El pasado 11 de diciembre presenté en El Ateneo de Santander mi último libro: “Cuentos de la abuela Carmina”. Una tarde entrañable en compañía de familiares y amigos. Gracias a todos/as por vuestras sinceras muestras de cariño.
Actualmente podéis encontrarle en las principales librerías de Santander, Torrelavega, Bezana, Maliaño, Renedo de Piélagos, Cabezón de la Sal, Meruelo, Laredo, Santoña y en El Corte Inglés.
Como el libro es viajero también podéis encontrarle en la librería “Centro”de Zaragoza.
Como aperitivo os invito a conocer las aventuras de un niño al que se le rompió Wii y no sabía divertirse.
¡Disfrutad!
EL VERANO MÁS DIVERTIDO
Érase una vez un niño delgado, de tez bronceada y cabellos desordenados; pasaba las horas absorto, con las mandíbulas apretadas y la mirada fija en la pantalla de la videoconsola.
Cuando sus padres le dijeron que irían a vivir a casa de los abuelos, Quique frunció el ceño. Una cosa era ir a comer los domingos y otra, muy distinta, quedarse para siempre.
Los yayos, como él los llamaba, vivían en Torrelavega, en un piso pequeño, sin ascensor; peor aún, no tenía piscina.

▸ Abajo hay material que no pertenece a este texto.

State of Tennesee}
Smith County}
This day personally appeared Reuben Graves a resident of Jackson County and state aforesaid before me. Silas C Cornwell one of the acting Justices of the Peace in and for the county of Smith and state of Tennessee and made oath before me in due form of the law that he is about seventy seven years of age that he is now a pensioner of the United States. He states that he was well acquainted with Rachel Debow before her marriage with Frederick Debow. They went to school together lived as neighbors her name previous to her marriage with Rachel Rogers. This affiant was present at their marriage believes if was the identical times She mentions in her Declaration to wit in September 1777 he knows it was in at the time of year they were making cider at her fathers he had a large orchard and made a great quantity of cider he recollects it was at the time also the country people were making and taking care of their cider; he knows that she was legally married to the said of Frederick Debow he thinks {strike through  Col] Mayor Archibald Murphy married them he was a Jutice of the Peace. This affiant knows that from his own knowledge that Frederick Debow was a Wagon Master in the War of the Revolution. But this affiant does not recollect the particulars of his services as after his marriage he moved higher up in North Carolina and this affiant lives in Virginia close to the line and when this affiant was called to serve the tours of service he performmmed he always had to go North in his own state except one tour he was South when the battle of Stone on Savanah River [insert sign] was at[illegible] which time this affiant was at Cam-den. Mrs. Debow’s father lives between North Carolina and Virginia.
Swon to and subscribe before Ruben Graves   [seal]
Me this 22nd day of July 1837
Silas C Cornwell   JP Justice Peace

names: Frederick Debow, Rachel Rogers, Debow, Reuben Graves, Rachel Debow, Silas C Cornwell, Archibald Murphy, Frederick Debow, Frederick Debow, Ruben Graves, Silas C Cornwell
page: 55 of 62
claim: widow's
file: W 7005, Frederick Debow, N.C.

Cuando llegaron, la abuela le acogió entre sus brazos y le achuchó como hacía siempre. El niño se escabulló en cuanto pudo. No entendía esa afición a besarle hasta dejarle sin aliento. El abuelo sonrió y, cogiéndole por los hombros, le acompañó hasta el que sería su nuevo dormitorio.
- Dormirás aquí. ¿Te gusta?
Quique recorrió el cuarto con una mirada rápida e hizo una mueca. No tenía nada que ver con el que había sido su dormitorio hasta ahora. Los muebles eran feos y la cama tenía un edredón azul, con un cojín descolorido, del año de Maricastaña. Menos mal que había una mesita para poner la consola. Eso era primordial.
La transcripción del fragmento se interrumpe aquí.